If Hillary really believes that she can end private sales at gun shows or anywhere else by using her executive power to define the word ‘dealer,’ one of her staff people should take a look at the Firearms Owners Protection Act that was passed in 1986. This law was passed to define or change sections of the GCA68 law which, because it represented the first time that the feds got into regulating gun commerce in a major way, contained passages and whole sections which nobody could really figure out.  And one of the big issues that was revised was the definition of ‘dealers,’ since the ATF after 1968 had taken the position that anyone selling a gun to anyone else was engaged in gun commerce and therefore came under their control.  Talk about a bureaucracy trying to extend its reach!

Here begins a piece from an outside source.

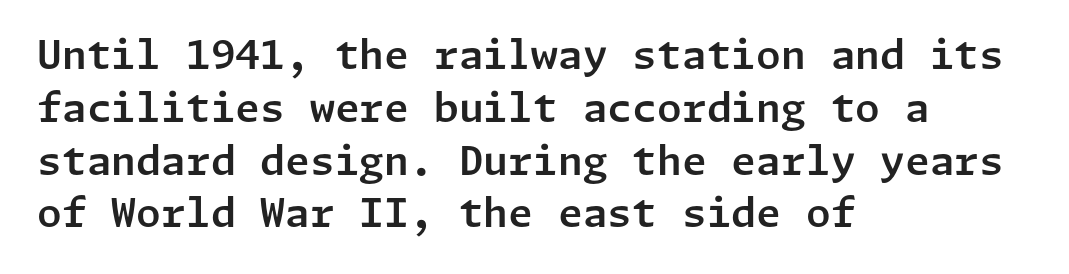
The image shows 40 px sans-serif type, upright; set left-aligned, normal line spacing (1.32x), normal letter spacing, not underlined; low stroke contrast and a medium x-height.
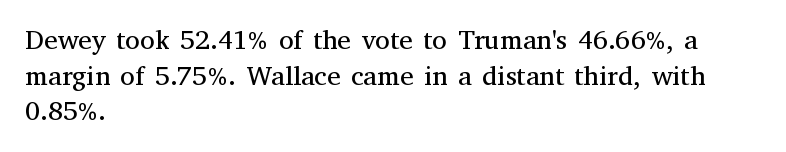
Notice how descenders clear the ascenders below comfortably — that's standard leading. Rule under the text: the space is simply empty. This rendering uses left alignment, leaving the right contour irregular. The type sits square on the baseline with zero lean. The font sits on the lighter half of the weight spectrum, regular included. The gaps between neighbouring characters are ordinary and unremarkable.

What FOPA did was to define a gun dealer as someone “whose time, attention and labor is occupied by dealing in firearms as a regular course of trade or business with the principal objective of livelihood and profit through the repetitive purchase and resale of an inventory of firearms.”  It also specifically excluded persons who made “occasional” sales or sold guns from “personal collections.”  From my own experience based on wandering through hundreds of gun shows over the last forty years, I can honestly confirm that the FOPA definition fits probably 75% of all the guns I have seen for sale at all those shows. Most of the big-time vendors at gun shows aren’t selling firearms at all.  They go from show to show, maybe do 40 shows a year, and they’re hawking t-shirts, memorabilia, all kinds of junk and crap but they’re not selling guns.

I’m thrilled that Hillary has injected the words ‘gun violence’ into the Presidential campaign.  I hope she ramps up the message because, if nothing else, I’d like to see the ‘stuff happens’ nonsense shoved up where it belongs. But if anyone wants to really get rid of gun violence I’ll continue to say it again and again: It’s the guns, stupid.  It’s the guns.